1994 American television film

Without Warning (also known as July 13th) is an American television film directed by Robert Iscove. It follows a duo of real-life reporters covering breaking news about three meteor fragments crashing into the Northern Hemisphere. It aired on CBS on October 30, 1994, and is presented as if it were an actual breaking news event, shot on videotape and complete with remote reports from reporters. The executive producer was David L. Wolper, who produced a number of mockumentary-style films since the 1960s. The movie was heavily influenced by Orson Welles' 1938 The War of the Worlds radio broadcast.

==Plot==
The broadcast of a murder mystery film starring Loni Anderson, titled Without Warning, is interrupted with a news bulletin of a series of three earthquakes, one of them located in the Thunder Basin National Grassland area of Wyoming. The film resumes but a few moments later is interrupted for good as coverage, led by Sander Vanocur and Dr. Caroline Jaffe, begins of a worldwide impact event. Three impacts were observed, all along the 45th parallel north in remote areas: one in Wyoming, one in southern France and one in the Gobi Desert in China. Lone survivors are found at the Wyoming and France impact sites, a girl and a young man, respectively. Both survivors are badly burned and their speech is unintelligible.

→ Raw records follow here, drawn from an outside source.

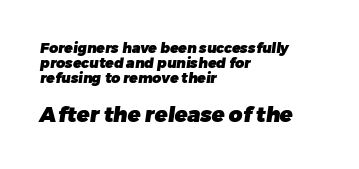
The image shows 21 px bold type; set left-aligned, tight line spacing (1.07x), normal letter spacing, not underlined; the second (bottom) block is 1.5x larger.
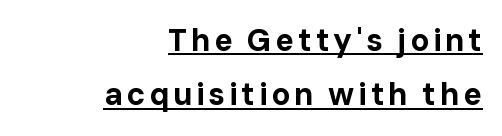
Q: Is the text bold? A: Yes.
Q: Is the text italic (slanted)? A: No, it is upright.
Q: Is the typeface a serif or a sans-serif typeface? A: Sans-serif.
Q: Is the text underlined? A: Yes.
Q: How is the paragraph aligned? A: Right-aligned.
Q: Width (condensed, normal, or wide)? A: Normal.
Q: Stroke contrast? A: Low.
Q: x-height? A: Medium.
Q: Monospaced? A: No.
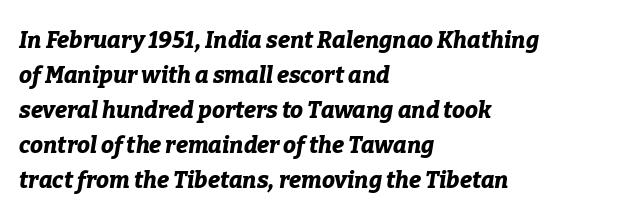
A normal amount of white space separates one row of letters from the next. Compared with a centered layout, this one pins lines to the left instead. Heavy, bold letterforms. Each row of text sits above clean, open space.
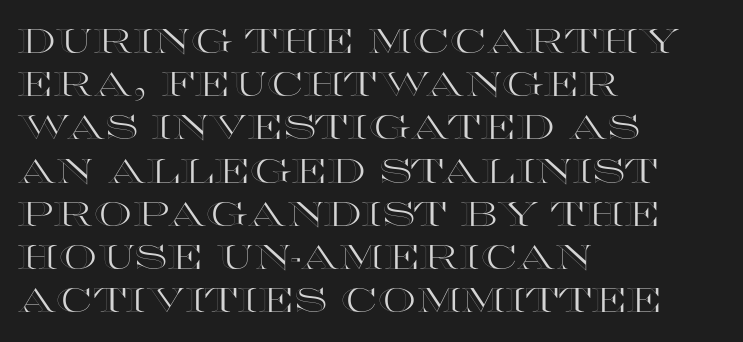
Descender tails drop into unmarked territory. Quick note: interline space is typical. Caption: multi-line text, flush left, ragged right. A typesetter would call this proportional, since set widths differ per character. Does the lettering tilt? It doesn't — this is upright. A typesetter would call this zero additional tracking.
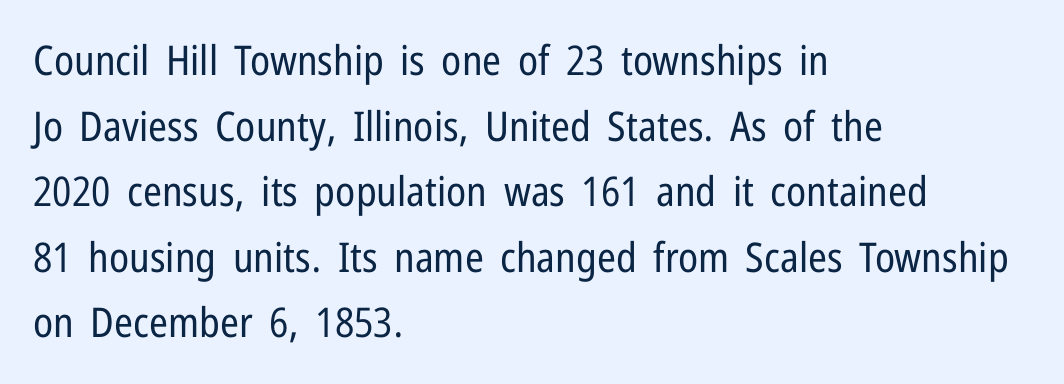
The image shows 41 px regular-weight, condensed sans-serif type, upright; set left-aligned, normal line spacing (1.6x), normal letter spacing, not underlined; low stroke contrast and a medium x-height.

NASA determines that the three impacts originated from 6645 Venturi, an asteroid that approached Earth directly over the North Pole before fragmenting in 45-degree separations. The three impact sites begin broadcasting an ear-piercing radio signal that cripples aircraft flying near the 45th parallel. Another large asteroid is detected moving towards the North Pole in an identical trajectory to 6645 Venturi. The United States, with consent from world leaders but disagreement from scientists, orders two F-16s to destroy the asteroid with low-yield nuclear weapons. The destruction is successful, though the attacking aircraft are brought down by another radio signal shortly before the asteroid's destruction. All of the mysterious radio signals suddenly cease. At the same time, a power surge is detected in the devoutly religious community of Faith, Wyoming, less than fifty miles from the Thunder Basin impact site. Repair crews sent to investigate discover that the citizens have all vanished without a trace.

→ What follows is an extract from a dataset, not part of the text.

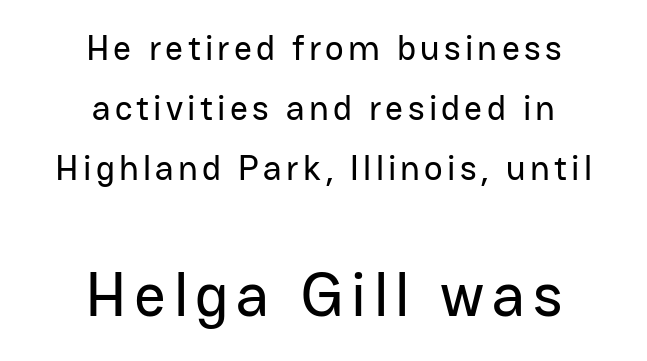
The image shows 62 px sans-serif type, upright; set centered, line spacing 1.71x, not underlined; the second (bottom) block is 1.77x larger; low stroke contrast and a medium x-height.

Scientist Dr. Avram Mandel, who has been studying the impacts, is flown by an F-16 to NASA's Johnson Space Center in Houston, where reporters are being briefed on the latest incident. He reveals his determinations: the impacts were an attempt at first contact by an extraterrestrial species; the radio signal was a transponder to help steer a follow-up vehicle; and, by destroying the follow-up vehicle, Earth has inadvertently declared war. The two survivors, Kimberly Hastings and Jean-Paul Chounard, succumb to their wounds. A colleague of Mandel, Dr. Robert Pearlman, links 6645 Venturi's fragmentation pattern to an identical shape present on Pioneer 11s pioneer plaque.

Mandel resigns from NASA and reveals to reporters that three more asteroids, each at least two miles wide, will soon impact Washington, Moscow and Beijing, the capital cities of the only three nations capable of first-strike nuclear warfare. The radio signals begin again. Two nuclear weapons are launched from the USS Ohio to intercept the Beijing and Moscow asteroids, while a third nuclear weapon is launched from F.E. Warren Air Force Base to destroy the Washington asteroid. All three are successful and celebrations break out, but the radio signals do not cease.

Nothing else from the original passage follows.